The problem. Write the entries below out again exactly, but skip the pictures.

[Excerpts from a dataset]
=== Begin Enclosure ===

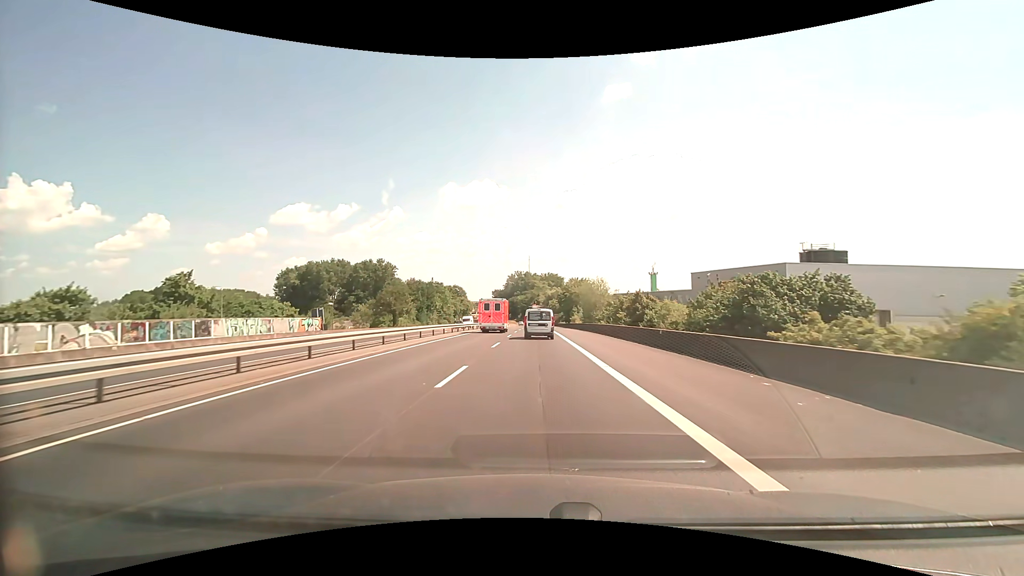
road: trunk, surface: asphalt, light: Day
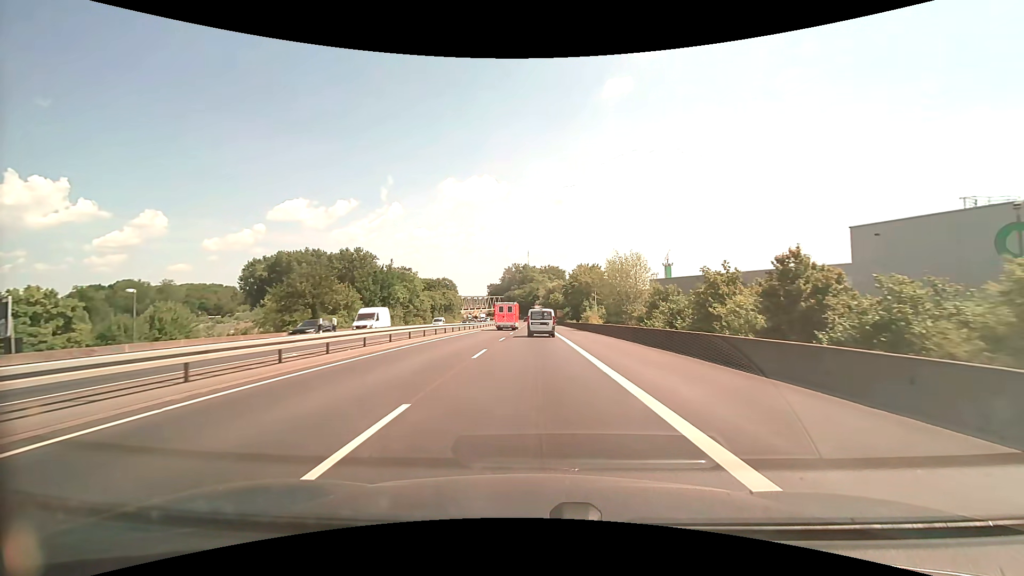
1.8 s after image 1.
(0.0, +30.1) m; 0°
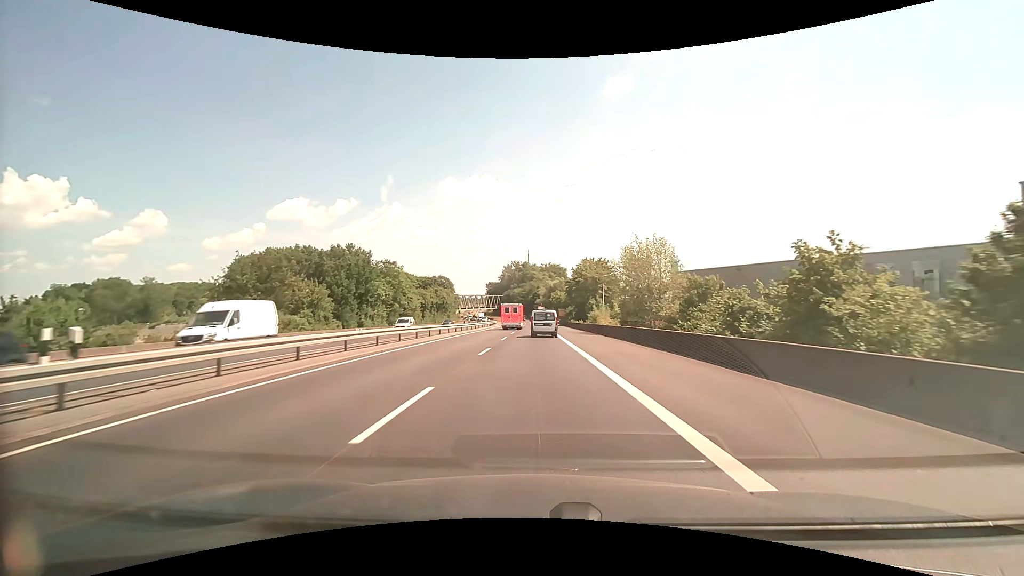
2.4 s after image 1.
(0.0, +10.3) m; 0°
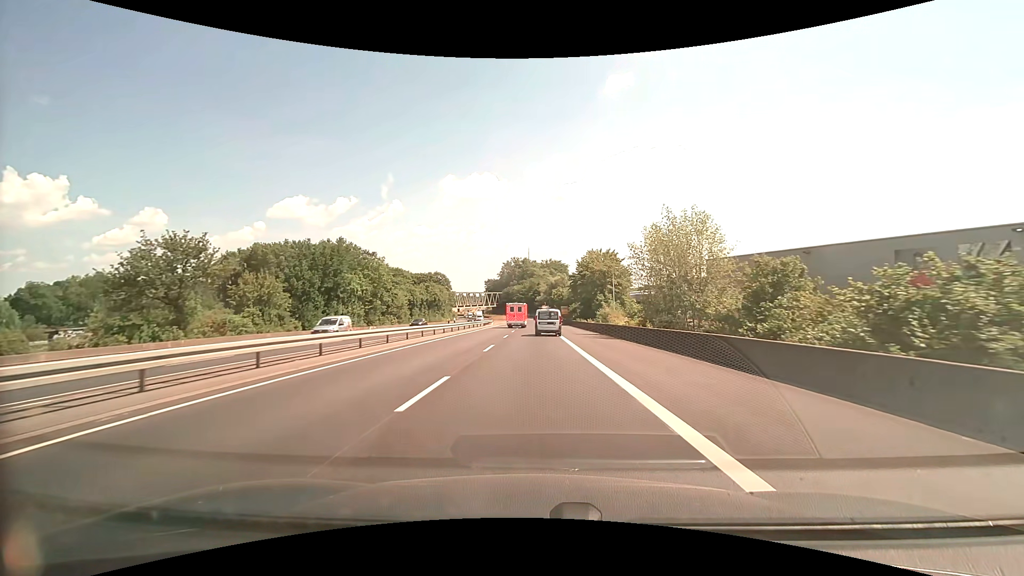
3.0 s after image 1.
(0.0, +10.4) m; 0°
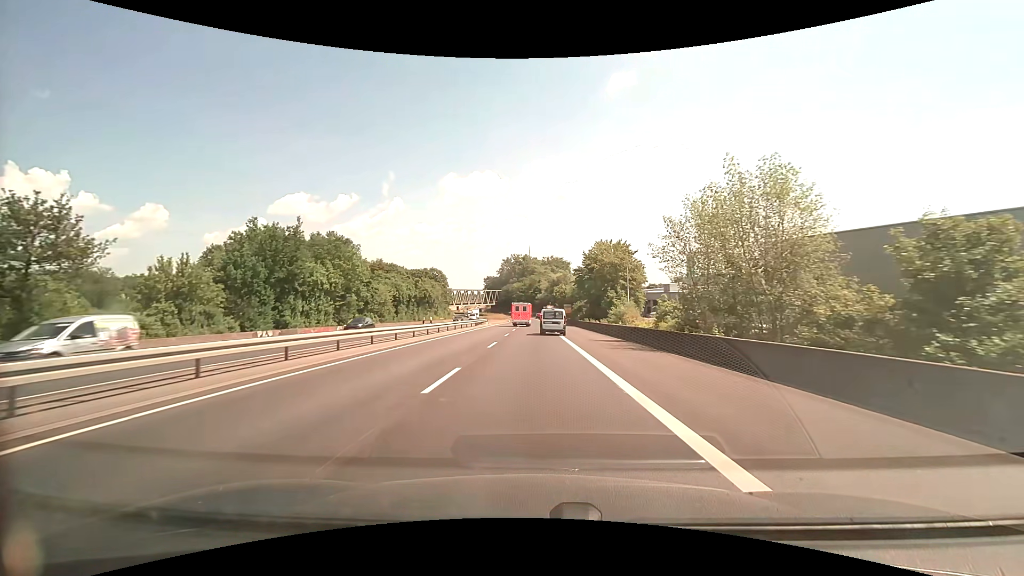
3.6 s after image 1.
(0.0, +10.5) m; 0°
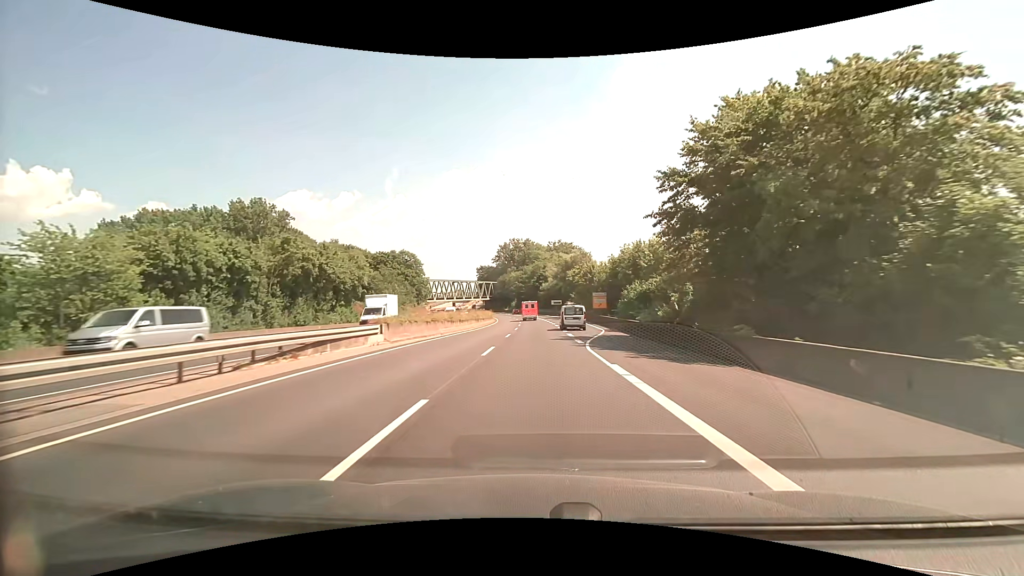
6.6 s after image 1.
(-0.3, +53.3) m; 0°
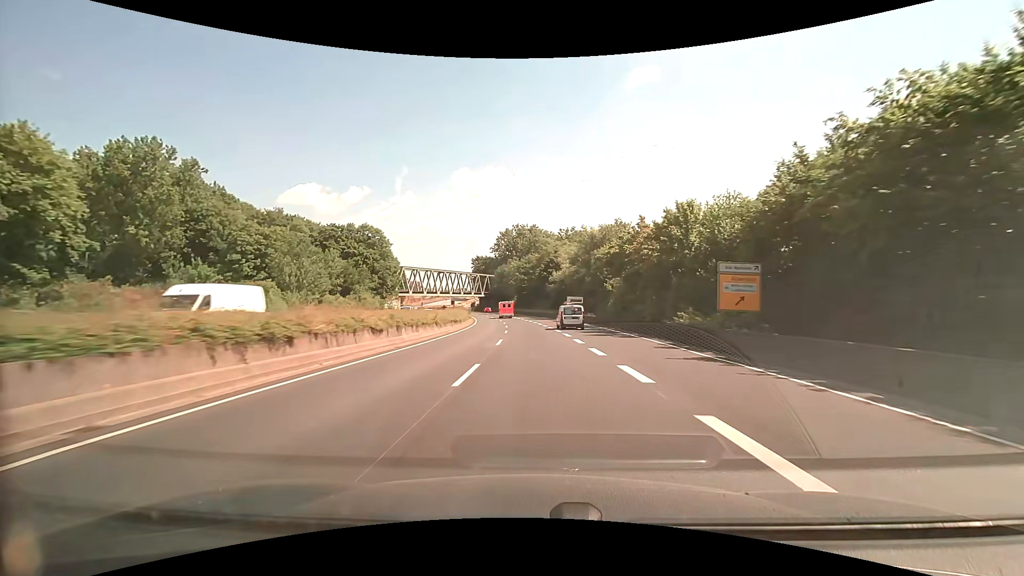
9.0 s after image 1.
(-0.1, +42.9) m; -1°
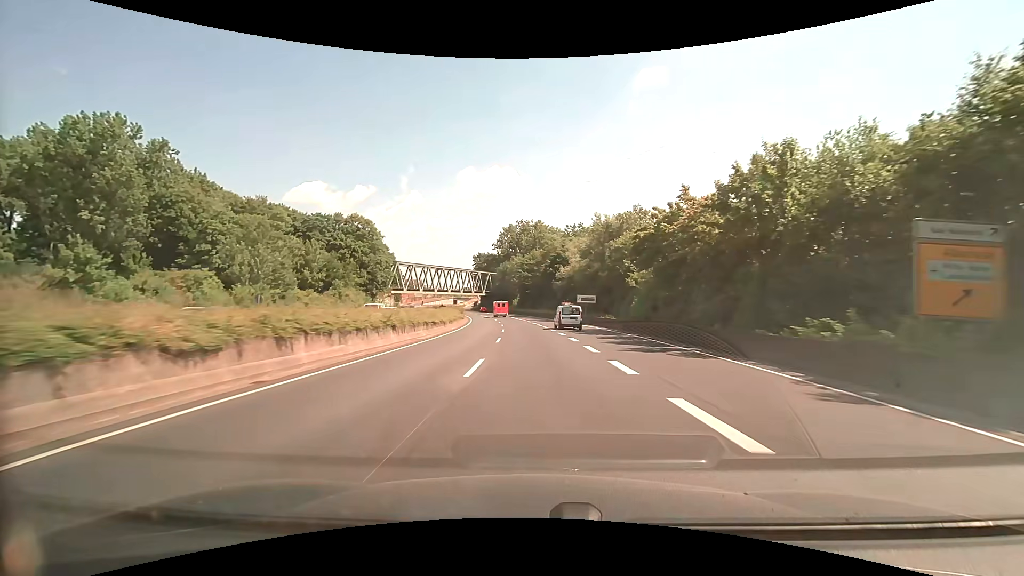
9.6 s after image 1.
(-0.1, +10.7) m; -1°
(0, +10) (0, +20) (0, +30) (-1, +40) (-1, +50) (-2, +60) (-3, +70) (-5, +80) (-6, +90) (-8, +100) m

=== End Enclosure ===

The answer.
road: trunk, surface: asphalt, light: Day
1.8 s after image 1.
(0.0, +30.1) m; 0°
2.4 s after image 1.
(0.0, +10.3) m; 0°
3.0 s after image 1.
(0.0, +10.4) m; 0°
3.6 s after image 1.
(0.0, +10.5) m; 0°
6.6 s after image 1.
(-0.3, +53.3) m; 0°
9.0 s after image 1.
(-0.1, +42.9) m; -1°
9.6 s after image 1.
(-0.1, +10.7) m; -1°
(0, +10) (0, +20) (0, +30) (-1, +40) (-1, +50) (-2, +60) (-3, +70) (-5, +80) (-6, +90) (-8, +100) m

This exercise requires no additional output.